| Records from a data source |
☆ ☆ ☆ ☆ ☆ ☆ ☆

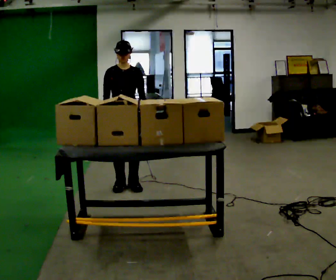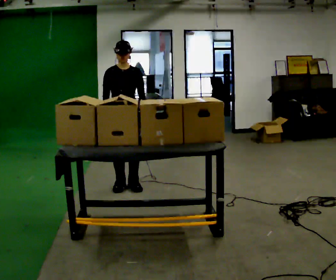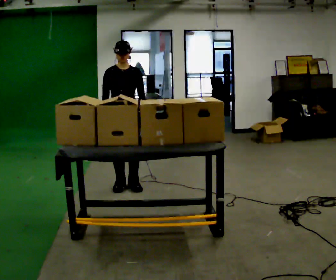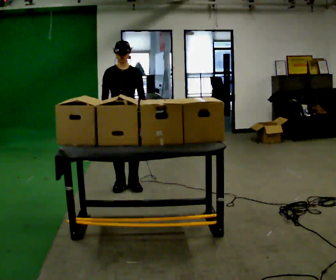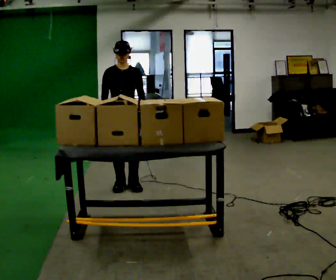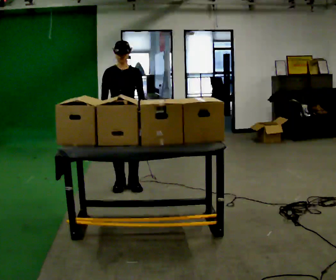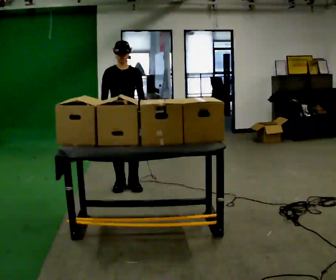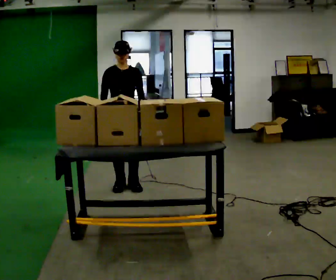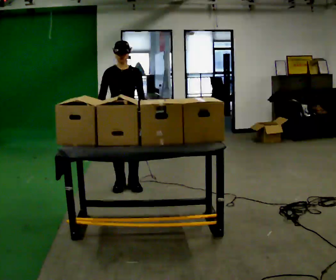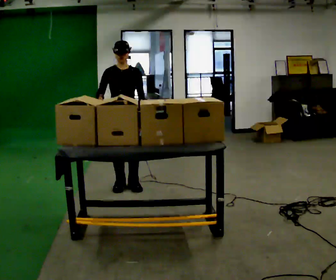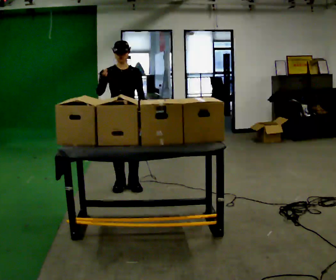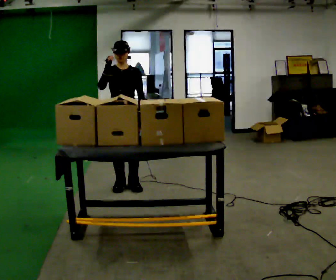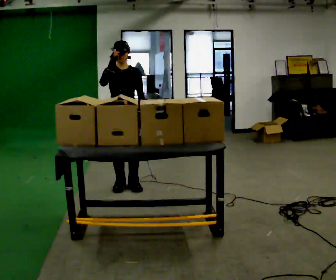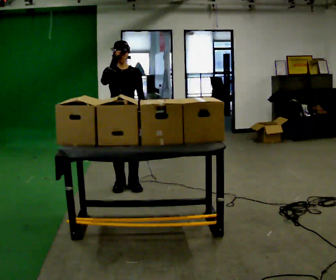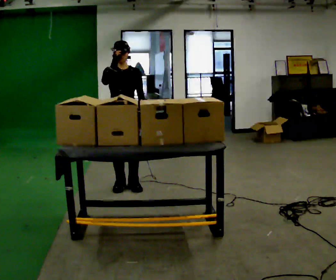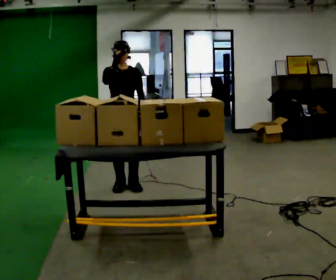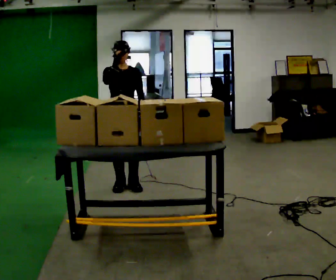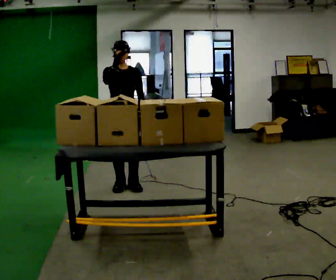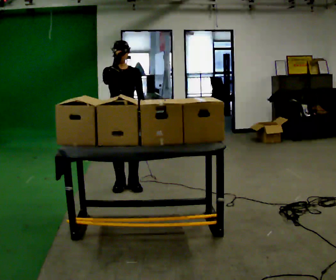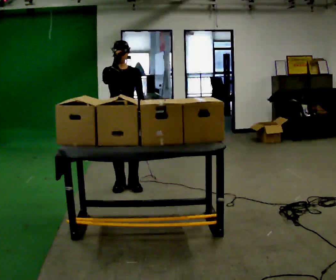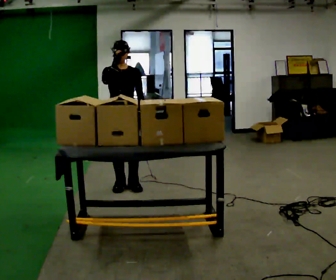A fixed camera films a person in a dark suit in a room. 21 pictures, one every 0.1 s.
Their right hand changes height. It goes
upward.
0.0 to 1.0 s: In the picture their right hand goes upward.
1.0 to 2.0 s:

☆ ☆ ☆ ☆ ☆ ☆ ☆

| Directions |
Output, exactly, all the records above; include no pictures.

| Answer section |
A fixed camera films a person in a dark suit in a room. 21 pictures, one every 0.1 s.
Their right hand changes height. It goes
upward.
0.0 to 1.0 s: In the picture their right hand goes upward.
1.0 to 2.0 s:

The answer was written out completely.